MRS Raises Pump Price of Dangote Refinery Petrol to N925 Per Litre in Lagos Amid Growing Public Concern; Lagos, Nigeria
In a development that is likely to fuel further public anxiety over the cost of living, MRS Oil Nigeria Plc, one of the major distributors of petrol produced by the Dangote Petroleum Refinery, has officially raised its pump price of Premium Motor Spirit (PMS) to N925 per litre in Lagos. The price adjustment was confirmed on Saturday, sparking outrage among motorists, commuters, and stakeholders in Nigeria’s downstream petroleum sector.
This price hike marks a significant increase from the earlier average retail price of between N610 and N680 per litre in major urban centres, and raises pressing questions about the expected relief that many Nigerians hoped would follow the commencement of local refining by the much-celebrated Dangote Refinery.
From Relief to Shock
The Dangote Refinery, commissioned with the promise of reducing Nigeria’s long-standing reliance on imported fuel and stabilizing the domestic market, has only recently begun distributing locally refined PMS. Its products, initially expected to drive down prices, are now being sold at what many Nigerians see as unaffordable rates — with MRS, one of the primary retailers, leading the new wave of price adjustments.
Motorists in Lagos who spoke to [Your News Outlet Name] expressed frustration and confusion over the development. “We were told Dangote would help end fuel importation and reduce prices. Now we’re paying almost N1,000 for a litre of fuel? This is not what we were promised,” said Adebayo Tunde, a commercial driver in Ikeja.
Industry Perspective
MRS, in its statement justifying the increase, cited various market-driven factors including transportation logistics, depot charges, tax obligations, and ongoing volatility in foreign exchange markets — all of which contribute to final pump pricing. The company also pointed to the limited availability of refined PMS as the refinery scales up production, creating a demand-supply imbalance.
An official within MRS, who spoke on condition of anonymity, explained:
“The pricing reflects the actual cost structure under the current market conditions. It’s not a government-controlled price. We are sourcing from a domestic refinery, yes, but factors like haulage, distribution, levies, and operational margins still apply. We expect prices to stabilize as the refinery ramps up production and more marketers get direct allocations.”
Public Backlash and Economic Implications
The news of the N925/litre pricing has triggered strong reactions on social media, with citizens accusing the government and private oil marketers of insensitivity in the face of worsening economic hardship. Hashtags such as #FuelPriceHike, #DangoteFuel, and #NigeriansDeserveBetter began trending on X (formerly Twitter), with many questioning the impact of deregulation and local refining if prices continue to soar.
This development comes amid a cost-of-living crisis that has left millions struggling with inflation, food insecurity, and unemployment. The upward adjustment of petrol prices is expected to worsen these conditions, particularly as transport fares, food prices, and general goods and services will inevitably rise in response.
Labour unions have also weighed in, warning that further increases in fuel prices could trigger fresh rounds of protests and industrial actions. The Nigerian Labour Congress (NLC) and Trade Union Congress (TUC) have both reiterated their demand for urgent government intervention to prevent deeper economic misery for the working population.

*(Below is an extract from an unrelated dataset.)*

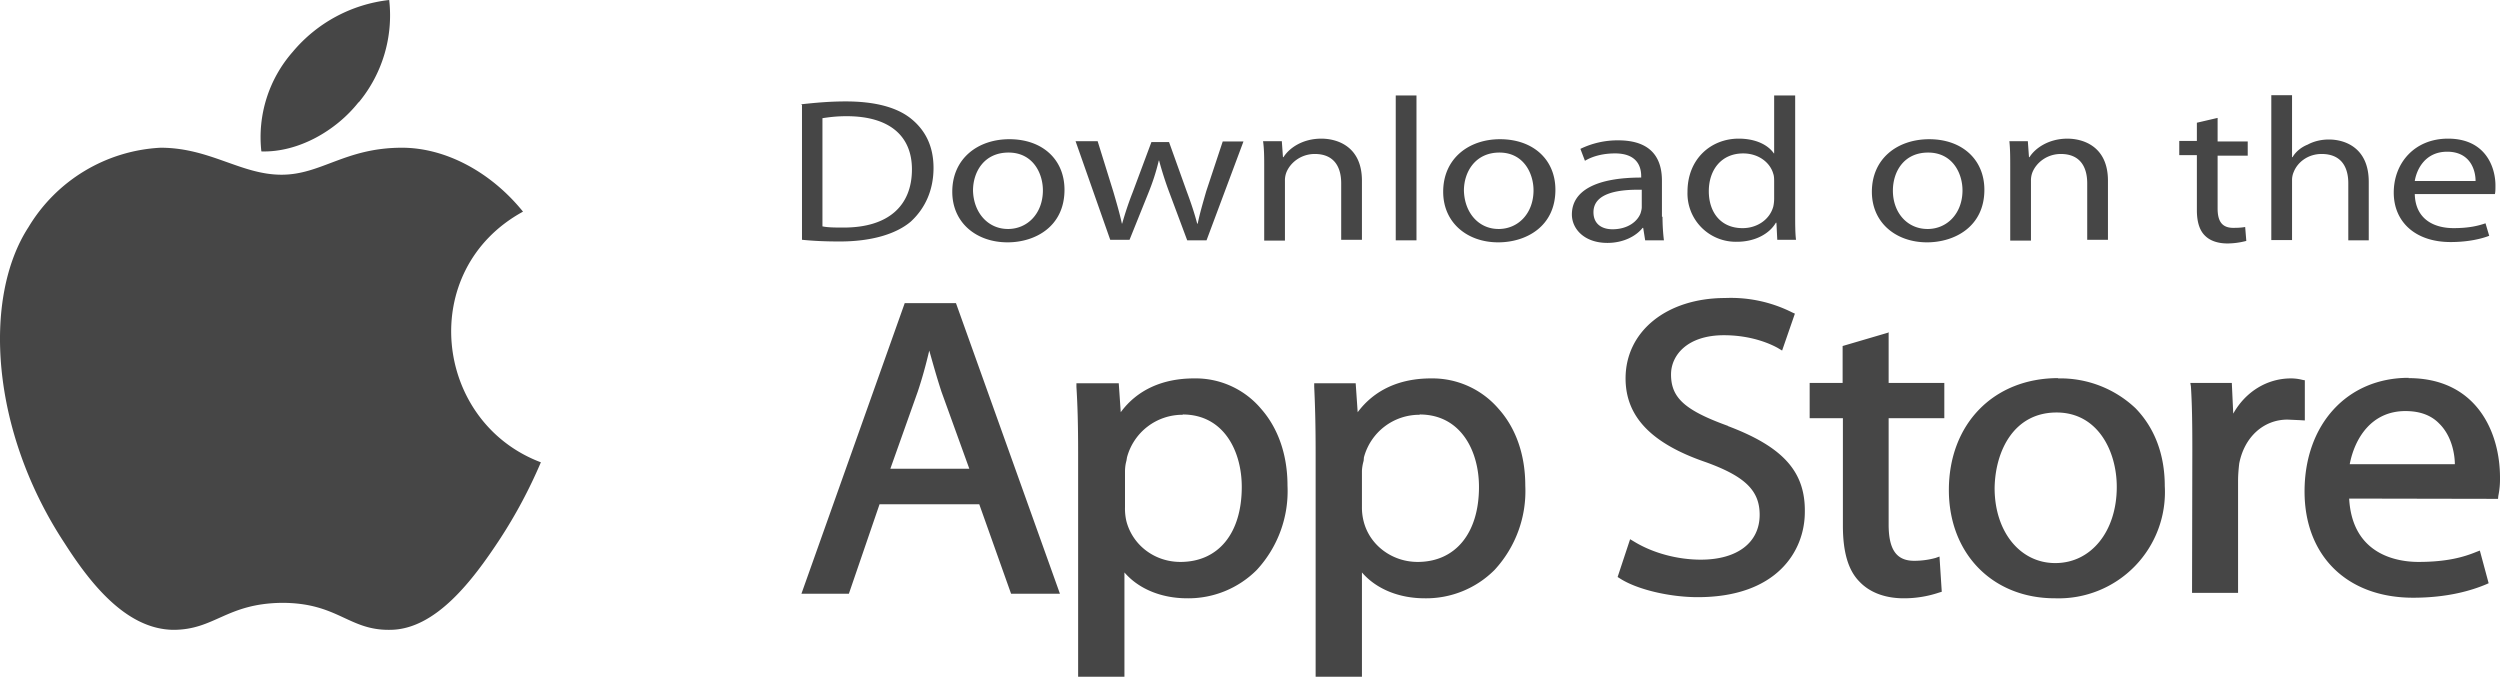 <svg xmlns="http://www.w3.org/2000/svg" fill="none" viewBox="0 0 88 24"><path fill="#464646" d="M19.04 16.27a17.43 17.43 0 0 1-1.44 2.7c-.94 1.43-2.26 3.2-3.88 3.2-1.45.02-1.83-.95-3.79-.95-1.96.02-2.37.95-3.83.95-1.64-.02-2.9-1.6-3.82-3.04C-.34 15.16-.61 10.48 1 8A5.77 5.77 0 0 1 5.65 5.2c1.74 0 2.83.95 4.26.95 1.4 0 2.24-.95 4.24-.95 1.51 0 3.11.83 4.26 2.25-3.75 2.05-3.15 7.39.62 8.82Z"/><path fill="#464646" d="M12.63 3.6A4.8 4.8 0 0 0 13.7 0a5.18 5.18 0 0 0-3.4 1.83 4.55 4.55 0 0 0-1.1 3.5c1.3.04 2.63-.73 3.42-1.73Zm19.22 7.06L28.21 20.9h1.67l1.08-3.15h3.51l1.12 3.15h1.72l-3.66-10.23h-1.8Zm.86 1.68c.13.46.26.93.43 1.45l.98 2.71h-2.78l.97-2.73c.15-.45.28-.92.4-1.43Zm9.32.98c-1.1 0-2 .4-2.58 1.19l-.07-1.02h-1.49v.13c.04.63.06 1.32.06 2.32v7.88h1.63v-3.67c.5.58 1.3.91 2.21.91a3.4 3.4 0 0 0 2.45-1 4.09 4.09 0 0 0 1.08-2.97c0-1.08-.33-2.02-.93-2.7a3.01 3.01 0 0 0-2.36-1.07Zm-.4 1.27c1.44 0 2.08 1.28 2.08 2.55 0 1.63-.82 2.64-2.16 2.64-.91 0-1.68-.59-1.9-1.43a1.96 1.96 0 0 1-.05-.5V16.6c0-.1.01-.24.05-.38l.02-.12a2.02 2.02 0 0 1 1.96-1.5Zm8.74-1.27c-1.1 0-1.99.4-2.58 1.19l-.07-1.02h-1.46v.13c.03.63.05 1.32.05 2.32v7.88h1.63v-3.67c.5.58 1.3.91 2.21.91a3.4 3.4 0 0 0 2.46-1 4.09 4.09 0 0 0 1.08-2.97c0-1.08-.33-2.02-.94-2.7a3.07 3.07 0 0 0-2.38-1.07Zm-.4 1.27c1.45 0 2.09 1.28 2.09 2.55 0 1.63-.83 2.64-2.16 2.64-.9 0-1.69-.59-1.9-1.43a1.96 1.96 0 0 1-.06-.5V16.6c0-.1.02-.24.06-.38l.01-.12a2.02 2.02 0 0 1 1.96-1.5Zm10.85.4c-1.52-.55-2-.99-2-1.81 0-.68.58-1.38 1.86-1.38 1.04 0 1.72.35 1.9.45l.15.09.45-1.3-.09-.04a4.8 4.8 0 0 0-2.36-.51c-2.06 0-3.51 1.17-3.51 2.83 0 1.34.9 2.29 2.83 2.95 1.38.5 1.89 1 1.89 1.85 0 .98-.79 1.58-2.07 1.58-.82 0-1.68-.23-2.34-.63l-.15-.09-.44 1.33.08.05c.6.39 1.75.66 2.74.66 2.78 0 3.77-1.62 3.77-3 .02-1.42-.77-2.29-2.7-3.02Zm5.64-3.28-1.6.47v1.3H63.7v1.24h1.17v3.79c0 .9.18 1.55.57 1.95.36.39.91.6 1.57.6a3.86 3.86 0 0 0 1.24-.2l.1-.03-.08-1.24-.14.05a2.84 2.84 0 0 1-.75.1c-.63 0-.9-.4-.9-1.28v-3.74h1.96v-1.24h-1.96V11.7h-.02Zm5.99 1.6c-2.28 0-3.85 1.62-3.85 3.94 0 2.24 1.54 3.81 3.73 3.81h.02a3.74 3.74 0 0 0 3.85-3.95c0-1.1-.35-2.04-1.03-2.74a3.85 3.85 0 0 0-2.73-1.05Zm-.06 1.21c1.46 0 2.12 1.37 2.12 2.62 0 1.56-.9 2.68-2.16 2.68h-.01c-1.23 0-2.13-1.1-2.13-2.64.02-1.31.68-2.66 2.18-2.66Zm8.75-1.13-.1-.02a1.6 1.6 0 0 0-.4-.05c-.84 0-1.6.47-2.03 1.24l-.05-1.08H77.1l.02.12c.04.61.05 1.3.05 2.22l-.01 5.05h1.62v-3.95c0-.21.02-.42.04-.6.18-.94.86-1.55 1.7-1.55l.44.02.17.01V13.4Zm3.64-.09c-2.16 0-3.66 1.64-3.66 4 0 2.27 1.5 3.74 3.82 3.74 1.23 0 2.07-.26 2.57-.47l.09-.04-.31-1.15-.13.05c-.44.18-1.03.35-2.03.35-.7 0-2.33-.22-2.44-2.23l5.24.01.01-.1a2.95 2.95 0 0 0 .06-.65c0-1.62-.84-3.5-3.22-3.5Zm-.11 1.17c.5 0 .9.14 1.19.44.46.45.55 1.12.55 1.43h-3.7c.17-.89.75-1.87 1.96-1.87ZM28.21 3.67c.46-.05.97-.1 1.56-.1 1.04 0 1.8.21 2.29.6.5.4.8.96.8 1.74 0 .79-.3 1.43-.8 1.89-.53.45-1.41.7-2.5.7-.52 0-.94-.02-1.33-.06V3.69h-.02Zm.75 4.3c.19.04.46.04.74.04 1.55 0 2.4-.75 2.4-2.05 0-1.15-.76-1.87-2.3-1.87-.38 0-.65.04-.85.07v3.81h.01Zm6.5.56c-1.08 0-1.94-.68-1.94-1.78 0-1.17.9-1.85 2.01-1.85 1.16 0 1.94.71 1.94 1.78 0 1.3-1.04 1.85-2 1.85Zm.02-.47c.7 0 1.23-.56 1.23-1.36 0-.6-.35-1.33-1.21-1.33s-1.25.68-1.25 1.34c.02.77.52 1.35 1.23 1.35Zm3.16-3.08.55 1.77c.11.38.22.75.3 1.12h.01c.1-.35.22-.72.37-1.1L40.53 5h.62l.62 1.73c.15.4.28.79.37 1.14h.02c.07-.35.18-.72.3-1.14l.58-1.75h.73l-1.3 3.48h-.68l-.62-1.66a12.18 12.18 0 0 1-.37-1.15h-.01c-.1.42-.22.78-.37 1.15l-.66 1.64h-.68l-1.22-3.47h.78v.01Zm5.86.93c0-.37 0-.65-.04-.94h.66l.04.56h.02c.2-.32.67-.65 1.33-.65.57 0 1.43.28 1.43 1.48v2.08h-.73V6.45c0-.56-.24-1.03-.93-1.03-.48 0-.86.3-1 .65a.78.78 0 0 0-.05.3v2.1h-.73V5.9Zm4.63-2.55h.73v5.1h-.73v-5.1Zm3.6 5.17c-1.07 0-1.93-.68-1.93-1.78 0-1.17.9-1.85 2-1.85 1.16 0 1.95.71 1.95 1.78 0 1.3-1.04 1.85-2.01 1.85Zm.02-.47c.7 0 1.23-.56 1.23-1.36 0-.6-.35-1.33-1.2-1.33s-1.25.68-1.25 1.34c.02.77.51 1.35 1.22 1.35Zm5.77-.44c0 .3.02.6.05.84h-.66l-.07-.44h-.02c-.22.28-.66.53-1.24.53-.82 0-1.25-.5-1.25-1 0-.84.86-1.3 2.44-1.3V6.2c0-.28-.1-.8-.92-.8-.38 0-.76.08-1.06.26l-.16-.42a3 3 0 0 1 1.33-.3c1.25 0 1.54.72 1.54 1.42v1.27h.02Zm-.71-.94c-.81-.02-1.72.1-1.72.79 0 .42.3.6.67.6.53 0 .88-.27.99-.57.02-.07.04-.14.04-.21v-.61h.02Zm5.38-3.32v4.2c0 .3 0 .66.03.88h-.66l-.03-.6h-.02c-.22.38-.72.67-1.37.67a1.7 1.7 0 0 1-1.74-1.76c0-1.17.84-1.87 1.8-1.87.63 0 1.05.24 1.24.52h.01V3.36h.74Zm-.74 3.04c0-.09 0-.2-.03-.28-.11-.4-.52-.72-1.06-.72-.77 0-1.21.58-1.21 1.33 0 .72.4 1.3 1.19 1.3.5 0 .95-.29 1.08-.76a1.3 1.3 0 0 0 .03-.28V6.4Zm5.38 2.13c-1.08 0-1.94-.68-1.94-1.78 0-1.17.9-1.85 2.02-1.85 1.15 0 1.94.71 1.94 1.78 0 1.3-1.05 1.85-2.02 1.85Zm.02-.47c.7 0 1.23-.56 1.23-1.36 0-.6-.35-1.33-1.21-1.33s-1.24.68-1.24 1.34c0 .77.5 1.35 1.22 1.35Zm2.91-2.15c0-.37 0-.65-.03-.94h.65l.04.56h.02c.2-.32.68-.65 1.33-.65.57 0 1.43.28 1.43 1.48v2.08h-.73V6.45c0-.56-.24-1.03-.93-1.03-.48 0-.86.3-1 .65a.78.78 0 0 0-.05.3v2.1h-.73V5.9Zm7.3-1.76v.83h1.06v.5h-1.06v1.86c0 .44.15.68.55.68.2 0 .31-.01.42-.03l.04.49a2.67 2.67 0 0 1-.66.09c-.35 0-.62-.1-.79-.27-.2-.19-.29-.5-.29-.9V5.46h-.62v-.5h.62v-.64l.73-.17Zm1.89-.8h.73v2.18h.02c.1-.18.3-.35.53-.44.22-.12.48-.18.75-.18.55 0 1.4.28 1.4 1.49v2.06h-.72V6.45c0-.56-.24-1.03-.94-1.03-.47 0-.84.28-.98.63a.72.72 0 0 0-.06.3v2.1h-.73V3.35ZM85 6.83c.02.86.64 1.2 1.37 1.2.53 0 .86-.08 1.12-.17l.13.44c-.26.1-.72.22-1.36.22-1.24 0-2-.71-2-1.74 0-1.05.74-1.9 1.91-1.9 1.32 0 1.67 1 1.67 1.65 0 .12 0 .23-.02.3H85Zm2.14-.46c0-.4-.2-1.03-1-1.03-.76 0-1.07.6-1.14 1.03h2.14Z"/></svg>

Policy Silence and Market Uncertainty
As of the time of filing this report, there has been no official response from the Nigerian Midstream and Downstream Petroleum Regulatory Authority (NMDPRA) or the Ministry of Petroleum Resources. Experts believe the federal government may be taking a cautious stance due to its full adoption of a deregulated downstream sector — a policy shift that theoretically removes price control and allows marketers to set rates based on market realities.
However, energy economist Dr. Tunji Ogunsola told [Your News Outlet Name] that without robust regulatory oversight and competition in the supply chain, deregulation risks creating a monopoly-like environment where few players can dictate prices to the detriment of the public.
“The current structure benefits major marketers and suppliers while leaving end-users exposed. Dangote is a national asset, but if his products are only accessible to a few big marketers at high rates, the common Nigerian won’t benefit,” he said.
What Next?
With the refinery still in the early stages of PMS production, and more marketers seeking direct supply agreements, industry observers expect fluctuations in pump prices over the next few months. Some suggest that once Dangote’s full production capacity is unlocked and other private refineries begin operations, competition may drive prices down — but that outcome is still speculative.
For now, the burden rests squarely on the shoulders of Nigerians, many of whom are struggling to adapt to what appears to be a new normal of high fuel costs — despite local production.